BUSINESS MAVERICK 168 OP-ED
South Africa’s newspaper circulation has a virus
If you’re a fan of the horror movie genre, then South Africa’s third-quarter ABC circulation numbers for newspapers and magazines would have been a treat.
First appeared in DM168
Released last week, the impact of Covid-19 hit home on the circulation side of the equation for publishers.
Some, like the Sunday Times and Mail & Guardian, haemorrhaged 50% from Q3 in 2019 while others (like those in the Independent Group) didn’t submit circulation numbers.
With the Sunday Times now at 106,108 copies, M&G at 11,233 and the City Press at 27,740, all the paid titles showed significant declines, as publishers’ distribution channels were disrupted due to the new behaviours post-lockdown and a cutting of print orders to reduce costs off the back of dropping ad revenue.
As colleagues in the same industry, we take no joy from these numbers with the threat of more job cuts on the horizon for an industry that needs more skilled journalists, not fewer.
Another bit of research, Trend Score 2020, showed that the expected drop in adspend across all media channels in SA is expected to hit 21% this year, with magazines (66%) and newspapers (64%) feeling the brunt of the cuts behind cinemas (84%).
Given what we’re seeing play out in these numbers and rapidly shrinking page counts, it’s clear the publishing industry is reeling.
The paradox of the news business is at the same time, these titles or sister titles in the case of Sunday Times are experiencing close to record digital visitor numbers. And therein lies the entrepreneurship conundrum, wrapped in an innovation puzzle.
The next few quarters will be an intense examination of leadership and how we respond to the seemingly perpetual crisis we find our industry in. The same research offers some hope in the form of expected bounce-back of ad spend in 2021, according to 58% of survey respondents, but not fully recovering until 2023.
A fallible human trait is the one where we expect our current state to continue in perpetuity, whether good or bad. But impermanence is the nature of the universe and there is a way out if we can adopt innovative approaches to our problems rather than trying to hold on to the past way of doing things.

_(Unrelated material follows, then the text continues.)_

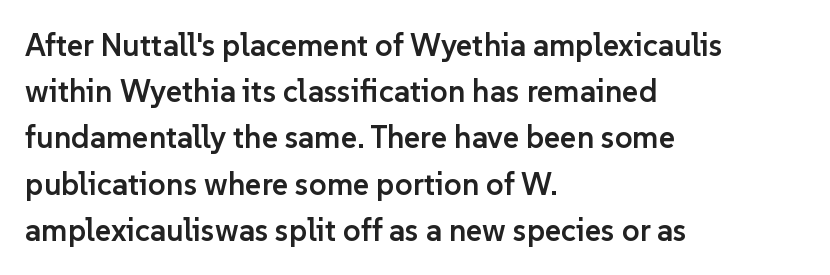
{"serif": "no", "italic": "no", "bold": "semi", "weight": "semibold", "width": "normal", "stroke_contrast": "low", "x_height": "medium", "monospaced": "no", "underline": "no", "align": "left", "line_spacing": "normal", "line_spacing_ratio": 1.49, "letter_spacing": "normal", "letter_spacing_em": 0.0, "glyph_px": 31}
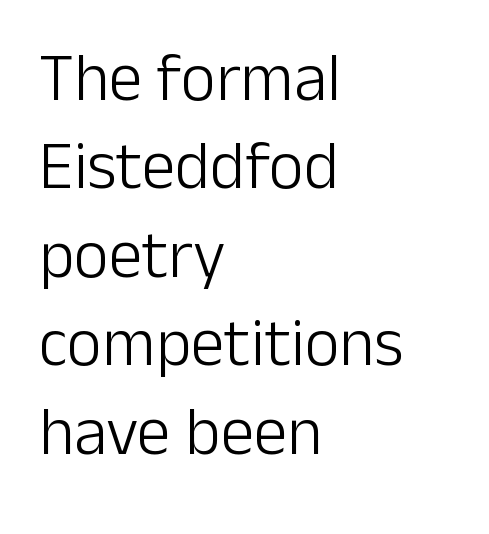
The image shows 67 px light sans-serif type, upright; set left-aligned, normal line spacing (1.32x), normal letter spacing, not underlined; low stroke contrast and a medium x-height.

Part of the mess the news industry finds itself in is the over-reliance on one or two revenue streams that for so long brought in the bulk of revenue and profits. With those now under threat and a shrinking headcount, the task becomes infinitely more difficult when having to build new, diverse revenue streams that often require new, mostly digital, skills.

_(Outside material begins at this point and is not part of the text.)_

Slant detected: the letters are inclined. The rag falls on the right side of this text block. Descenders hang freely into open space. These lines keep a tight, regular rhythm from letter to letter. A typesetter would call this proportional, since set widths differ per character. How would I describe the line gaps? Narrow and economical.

At this point, dear reader, you should be asking serious questions about our sanity, reading this while holding a newspaper in your hands.

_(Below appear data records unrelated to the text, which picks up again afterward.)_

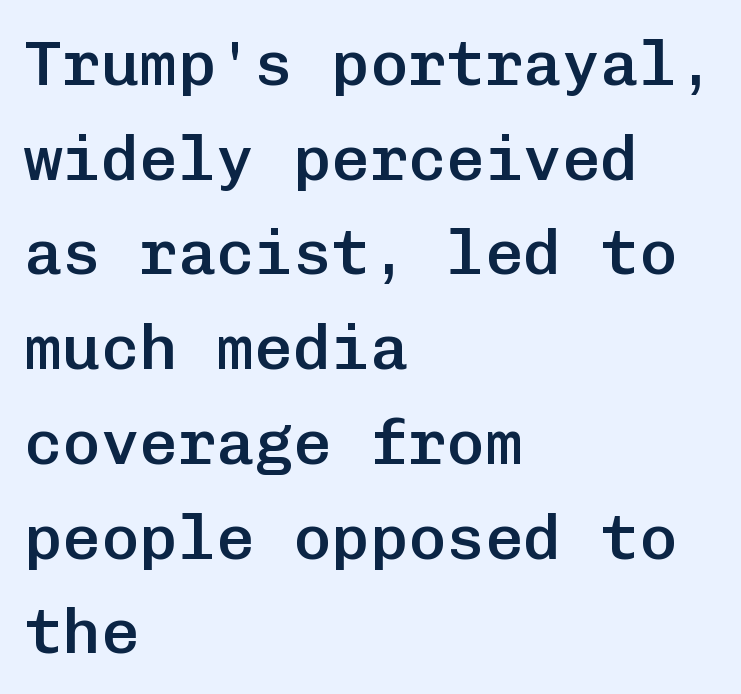
Q: Is the text bold? A: Semi-bold.
Q: Is the text italic (slanted)? A: No, it is upright.
Q: Is the typeface a serif or a sans-serif typeface? A: Sans-serif.
Q: Is the text underlined? A: No.
Q: How is the paragraph aligned? A: Left-aligned.
Q: Is the spacing between letters normal or unusually wide? A: Normal.
Q: Is the spacing between lines tight, normal or loose? A: Normal.
Q: Width (condensed, normal, or wide)? A: Normal.
Q: Stroke contrast? A: Low.
Q: x-height? A: Medium.
Q: Monospaced? A: Yes.

In fact, that is pretty much the question we have been asked since announcing the launch of our venture in print. We knew this carnage would await us, but as an organisation born in the Zuma and Zuckerberg era, focusing on digital-only political news – we’ve seen our share of scary movies.
Having finally built a diverse digital revenue mix over a decade we are now in the position of being able to produce the leanest, most efficient quality print publication unhindered by legacy processes and systems.
Last week’s circulation for DM168 recorded 23,438 copies, representing 86% of what was printed and distributed and closing in on our launch target of 25,000 copies.
We also knew that paying our school fees in the most difficult time while we waited to break into budget plans and sales cycles meant we could position ourselves for strong growth in 2021 as the confidence returned to the market.
Of course, no venture is risk-free, but with the most experienced newsroom in the country crafting quality reads each week, we can focus on creating new habits and reading rituals while building out the revenue opportunities in a recovering market. DM
Styli Charalambous is the CEO of Daily Maverick.